One weird trick to turn maximisers into minimisers
A putative new idea for AI control; index here.
A simple and easy design for a u-maximising agent that turns into a u-minimising one.
Let X be some boolean random variable outside the agent’s control, that will be determined at some future time t (based on a cosmic event, maybe?). Set it up so that P(X=1)=ε, and for a given utility u, consider the utility:
u# = (2/ε)Xu—u.
Before t, the expected value of (2/ε)X is 2, so u# = u. Hence the agent is a u-maximiser. After t, the most likely option is X=0, hence a little bit of evidence to that effect is enough to make u# into a u-minimiser.
This isn’t perfect corrigibility—the agent would be willing to sacrifice a bit of u-value (before t) in order to maintain its flexibility after t. To combat this effect, we could instead use:
u# = Ω(2/ε)Xu—u.
If Ω is large, then the agent is willing to pay very little u-value to maintain flexibility. However, the amount of evidence of X=0 that it needs to become a u-minimiser is equally proportional to Ω, so X better be a clear and convincing event.
I really don’t see how this would help, compared to just adding time dependence directly
How would you do that? For a reward function, that’s easy, but this is a utility function.
I really have no idea what the hitch is, here. In principle, a utility function can be over histories of the universe. Just care about different things in different parts of that history.
Let u be utility function linear in paperclips. Assume the agent has no ability to create or destroy paperclips for the first week; it needs to build up infrastructure and means first. We want it to be maximising u on Monday, -u on Tuesday, and u from Wednesday onwards. How can we accomplish this? And how can we accomplish it without the agent simply turning itself off for Tuesday?
u is a function of paperclips, which is in turn a function of time. So, u(p(t)) is the number of paperclips at time t.
U = integral[some reasonable bounds] {dt p(t) (t in first Tuesday?-1:1)}
So, the AI knows what it wants over all of the future, depending on time.

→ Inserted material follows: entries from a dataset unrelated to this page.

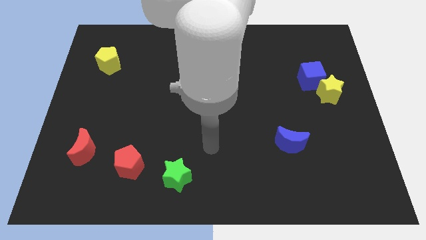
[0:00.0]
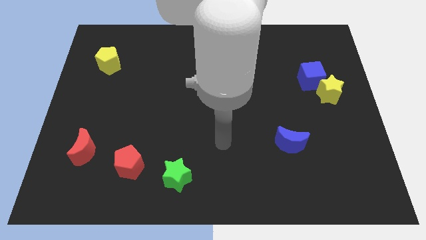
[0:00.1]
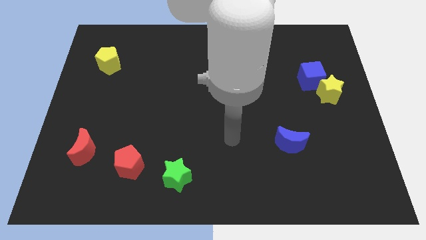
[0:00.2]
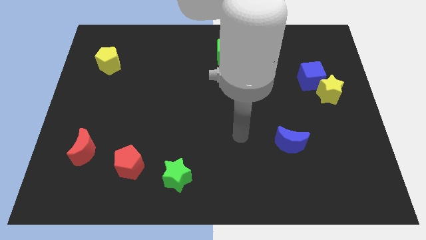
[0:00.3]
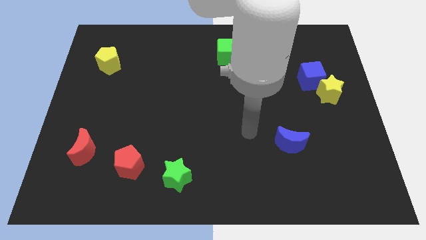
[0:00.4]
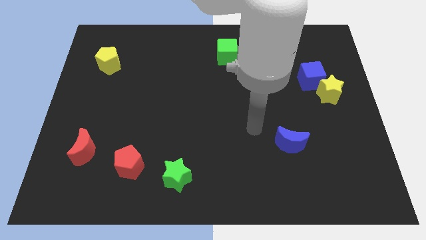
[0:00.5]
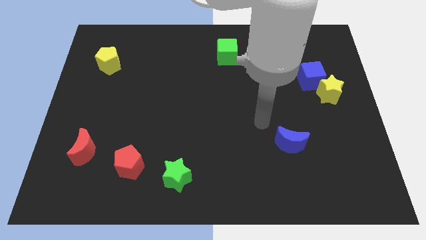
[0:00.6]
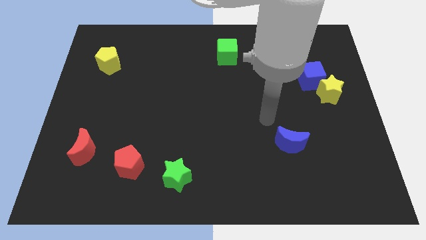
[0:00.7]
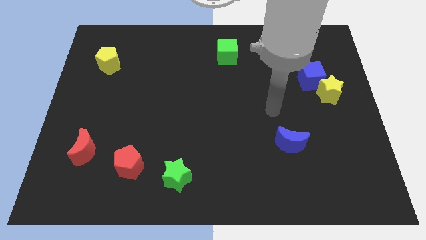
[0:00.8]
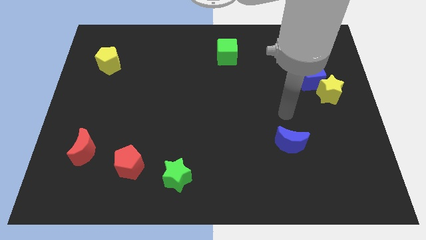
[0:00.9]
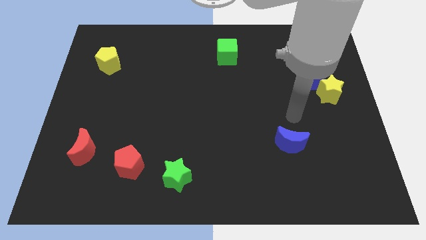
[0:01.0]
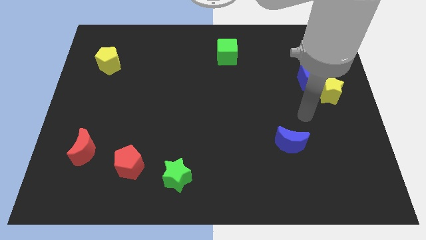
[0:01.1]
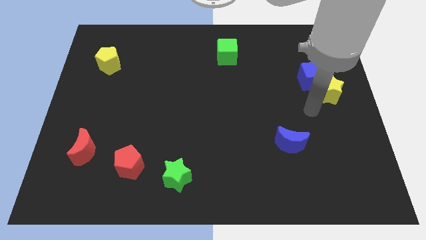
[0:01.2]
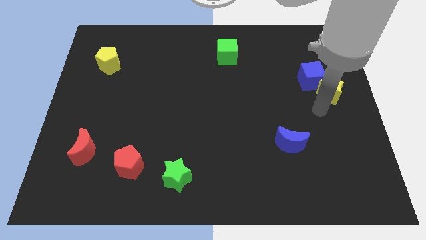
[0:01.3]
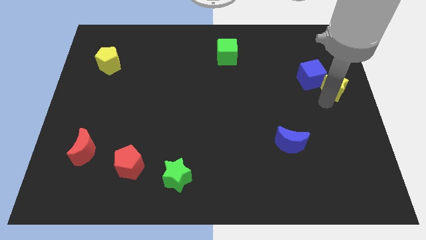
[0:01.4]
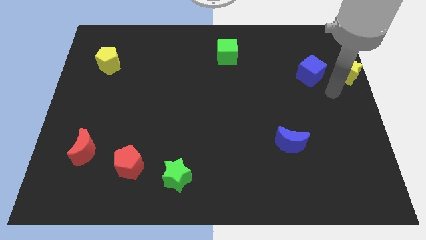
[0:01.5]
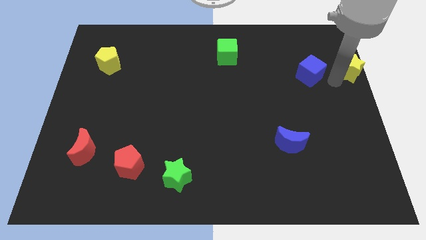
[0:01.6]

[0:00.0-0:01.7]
separate the blue cube from the yellow star

When evaluating future plans for the future, it’s able to take that change into account.
Like, it might spend both Monday and Tuesday just building infrastructure. In any case, turning off won’t help on Tuesday because it will still know that there were paperclips then—not being on to observe them won’t help it.
I don’t see exactly how that would work—it can’t build paper clips during the first week, so u(p(t))=0 during that period. Therefore it should behave exactly as if nothing special happened on Tuesday?

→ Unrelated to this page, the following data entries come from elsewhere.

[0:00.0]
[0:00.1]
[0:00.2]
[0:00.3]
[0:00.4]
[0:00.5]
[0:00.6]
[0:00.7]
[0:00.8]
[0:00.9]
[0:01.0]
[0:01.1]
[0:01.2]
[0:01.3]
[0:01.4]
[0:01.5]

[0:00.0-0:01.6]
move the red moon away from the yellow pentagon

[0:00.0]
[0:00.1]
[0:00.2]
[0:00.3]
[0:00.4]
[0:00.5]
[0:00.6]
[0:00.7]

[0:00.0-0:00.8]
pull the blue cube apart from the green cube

And my comment on turning itself off for Tuesday was more that the Monday AI wouldn’t want it’s infrastructure ruined by the Tuesday version, and would just turn itself off to prevent that.
I see—I thought you meant it would run for a week building infrastructure, and then be able to build paperclips on the first Monday you named.
I’m not sure what you WANT it to do, really. Do you want it to actually sabotage itself on Tuesday, or do you want it to keep on building infrastructure for later paperclip construction?
Under the system I built, it would do absolutely nothing different on Tuesday and continue to build infrastructure because it anticipates wanting more paperclips by the time it is able to build them at the end of the week. It wants low paperclips now, but it has no influence over paperclips now. It has influence over paperclips in the future, and it wants that there will be more of them when that time comes.
I’m trying to implement value change (see eg http://lesswrong.com/lw/jxa/proper_value_learning_through_indifference/ ). The change from u to -u is the easiest example of such a change. The ideal—which probably can’t be implemented in a standard utility function—is that it is a u-maximiser that’s indifferent to becoming a -u maximiser, who’s then indifferent to further change, etc...
Well, then, let’s change from the example being Monday + to Tuesday—to Wednesday and all later times +, with it unable to actually affect paperclip counts on Tuesday, let’s consider if we just have a transition from u+ on Monday, Tuesday, Wednesday +, with u- on Thursday and later times, and it already has all the infrastructure it needs.
In this case, it will see that it can get a + score by having paperclips monday through wednesday, but that any that it still has on Thursday will count against it.
So, it will build paperclips as soon as it learns of this pattern. It will make them have a low melting point, and it will build a furnace†. On Wednesday evening at the stroke of midnight, it will dump its paperclips into the furnace. Because all along, from the very beginning, it will have wanted there to be paperclips M-W, and not after then. And on Thursday it will be happy that there were paperclips M-W, but glad that there aren’t now.
I think that the trick is getting it to submit to changes to its utility function based on what we want at that time, without trying to game it. That’s going to be much harder.
† and, if it suspects that there are paperclips out in the wild, it will begin building machines to hunt them down, and iff it’s Thursday or later, destroy them. It will do this as soon as it learns that it will eventually be a paperclip minimizer for long enough that it is worth worrying about.